In [1]:
!pip install pandas pyreadstat



In [2]:
import pandas as pd
import xml.etree.ElementTree as ET
import json

In [7]:
dicx_path = "CEN24.dicX"
output_path = "pre.fields.json"

In [8]:
tree = ET.parse(dicx_path)
root = tree.getroot()

fields = []

for var in root.findall(".//variable"):
    name = var.findtext("name", default="").strip().upper()
    dtype = var.findtext("varType", default="string").strip().lower()
    label = var.findtext("label", default=name).strip()

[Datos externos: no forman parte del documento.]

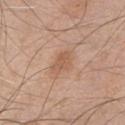Recorded during total-body skin imaging; not selected for excision or biopsy. A roughly 15 mm field-of-view crop from a total-body skin photograph. The lesion is located on the front of the torso. The patient is a male in their mid- to late 40s.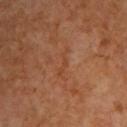<tbp_lesion>
<biopsy_status>not biopsied; imaged during a skin examination</biopsy_status>
<patient>
  <sex>male</sex>
  <age_approx>60</age_approx>
</patient>
<lesion_size>
  <long_diameter_mm_approx>3.5</long_diameter_mm_approx>
</lesion_size>
<site>chest</site>
<lighting>cross-polarized</lighting>
<image>
  <source>total-body photography crop</source>
  <field_of_view_mm>15</field_of_view_mm>
</image>
</tbp_lesion>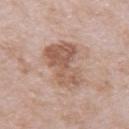The lesion was photographed on a routine skin check and not biopsied; there is no pathology result. A lesion tile, about 15 mm wide, cut from a 3D total-body photograph. Imaged with white-light lighting. A male subject, aged approximately 75. The recorded lesion diameter is about 6 mm. On the left upper arm.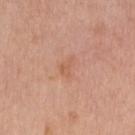Assessment: No biopsy was performed on this lesion — it was imaged during a full skin examination and was not determined to be concerning. Background: The patient is a female in their mid-60s. The recorded lesion diameter is about 3 mm. Automated tile analysis of the lesion measured a lesion color around L≈60 a*≈23 b*≈33 in CIELAB and a normalized border contrast of about 4.5. The software also gave a border-irregularity rating of about 4.5/10, a within-lesion color-variation index near 1/10, and peripheral color asymmetry of about 0.5. A roughly 15 mm field-of-view crop from a total-body skin photograph. On the right upper arm. Captured under white-light illumination.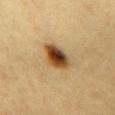The lesion was tiled from a total-body skin photograph and was not biopsied.
Located on the chest.
The lesion's longest dimension is about 4.5 mm.
A 15 mm close-up tile from a total-body photography series done for melanoma screening.
The patient is a female roughly 30 years of age.
The tile uses cross-polarized illumination.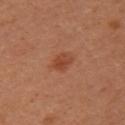| feature | finding |
|---|---|
| subject | female, approximately 30 years of age |
| image source | ~15 mm crop, total-body skin-cancer survey |
| location | the left upper arm |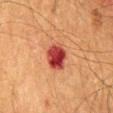Q: Is there a histopathology result?
A: no biopsy performed (imaged during a skin exam)
Q: Where on the body is the lesion?
A: the mid back
Q: How large is the lesion?
A: about 3.5 mm
Q: Illumination type?
A: cross-polarized illumination
Q: What did automated image analysis measure?
A: a classifier nevus-likeness of about 0/100 and a lesion-detection confidence of about 100/100
Q: Patient demographics?
A: male, aged approximately 65
Q: What is the imaging modality?
A: total-body-photography crop, ~15 mm field of view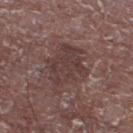Q: Was a biopsy performed?
A: total-body-photography surveillance lesion; no biopsy
Q: What is the anatomic site?
A: the right lower leg
Q: What is the imaging modality?
A: ~15 mm tile from a whole-body skin photo
Q: What are the patient's age and sex?
A: male, aged around 65
Q: What lighting was used for the tile?
A: white-light illumination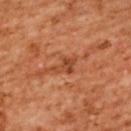Q: Was this lesion biopsied?
A: imaged on a skin check; not biopsied
Q: How large is the lesion?
A: ~3 mm (longest diameter)
Q: Who is the patient?
A: female, aged 53–57
Q: What is the imaging modality?
A: 15 mm crop, total-body photography
Q: Where on the body is the lesion?
A: the upper back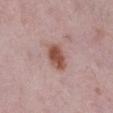Impression:
Part of a total-body skin-imaging series; this lesion was reviewed on a skin check and was not flagged for biopsy.
Context:
The lesion-visualizer software estimated a lesion area of about 7.5 mm², an eccentricity of roughly 0.75, and a shape-asymmetry score of about 0.15 (0 = symmetric). The analysis additionally found a mean CIELAB color near L≈52 a*≈23 b*≈25. The analysis additionally found an automated nevus-likeness rating near 95 out of 100 and a detector confidence of about 100 out of 100 that the crop contains a lesion. Imaged with white-light lighting. A female patient roughly 40 years of age. On the left lower leg. A 15 mm close-up tile from a total-body photography series done for melanoma screening.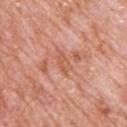- notes · no biopsy performed (imaged during a skin exam)
- size · about 2.5 mm
- automated metrics · an area of roughly 3.5 mm², an outline eccentricity of about 0.85 (0 = round, 1 = elongated), and a symmetry-axis asymmetry near 0.25; a lesion color around L≈58 a*≈27 b*≈34 in CIELAB and a lesion–skin lightness drop of about 7; internal color variation of about 3 on a 0–10 scale and peripheral color asymmetry of about 1; a nevus-likeness score of about 0/100
- acquisition · ~15 mm crop, total-body skin-cancer survey
- patient · male, aged 78–82
- site · the upper back
- lighting · white-light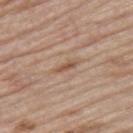Imaged during a routine full-body skin examination; the lesion was not biopsied and no histopathology is available.
The total-body-photography lesion software estimated a footprint of about 2.5 mm², an outline eccentricity of about 0.95 (0 = round, 1 = elongated), and two-axis asymmetry of about 0.2. And it measured a mean CIELAB color near L≈53 a*≈18 b*≈30 and roughly 9 lightness units darker than nearby skin. It also reported a classifier nevus-likeness of about 0/100 and a detector confidence of about 95 out of 100 that the crop contains a lesion.
Cropped from a whole-body photographic skin survey; the tile spans about 15 mm.
Imaged with white-light lighting.
The lesion is located on the right thigh.
A male patient roughly 70 years of age.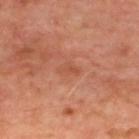The lesion was photographed on a routine skin check and not biopsied; there is no pathology result. On the upper back. Measured at roughly 3 mm in maximum diameter. A close-up tile cropped from a whole-body skin photograph, about 15 mm across. Automated tile analysis of the lesion measured a mean CIELAB color near L≈52 a*≈27 b*≈34, about 6 CIELAB-L* units darker than the surrounding skin, and a normalized lesion–skin contrast near 4.5. The analysis additionally found a border-irregularity rating of about 3.5/10, a color-variation rating of about 2/10, and radial color variation of about 0.5. A male patient aged 48 to 52.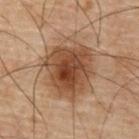Q: What is the anatomic site?
A: the chest
Q: What kind of image is this?
A: 15 mm crop, total-body photography
Q: Patient demographics?
A: male, aged 68–72

    # Extraer mapeo de valueLabels si existen
    vlabels_mapping = {}
    value_labels_node = var.find("valueLabels")
    if value_labels_node is not None:
        for elem in value_labels_node.findall("valueLabelElement"):
            value_text = elem.findtext("value", default="").strip()
            label_text = elem.findtext("label", default="").strip()
            if value_text:
                vlabels_mapping[value_text] = label_text

    type_map = {
        "integer": "integer",
        "numeric": "number",
        "string": "string",
        "date": "date",
    }
    ftype = type_map.get(dtype, "string")

    categories = []
    for cat in var.findall("Category"):
        code = cat.attrib.get("code")
        if code is not None:
            try:
                code = code  # int(code)
            except ValueError:
                pass
            categories.append(code)

    field = {"name": name, "title": label, "type": ftype}
    if categories:
        field["constraints"] = {"enum": categories}
    elif vlabels_mapping:
        # Si no hay categorías pero se encontró valueLabels, se usa el mapeo
        field["constraints"] = {"enum": list(vlabels_mapping.keys())}
        field["valueLabels"] = vlabels_mapping

    fields.append(field)

In [9]:
with open(output_path, "w", encoding="utf-8") as f:
    json.dump(fields, f, indent=2, ensure_ascii=False)

print(f"✅ Fields generado en {output_path}")

✅ Fields generado en pre.fields.json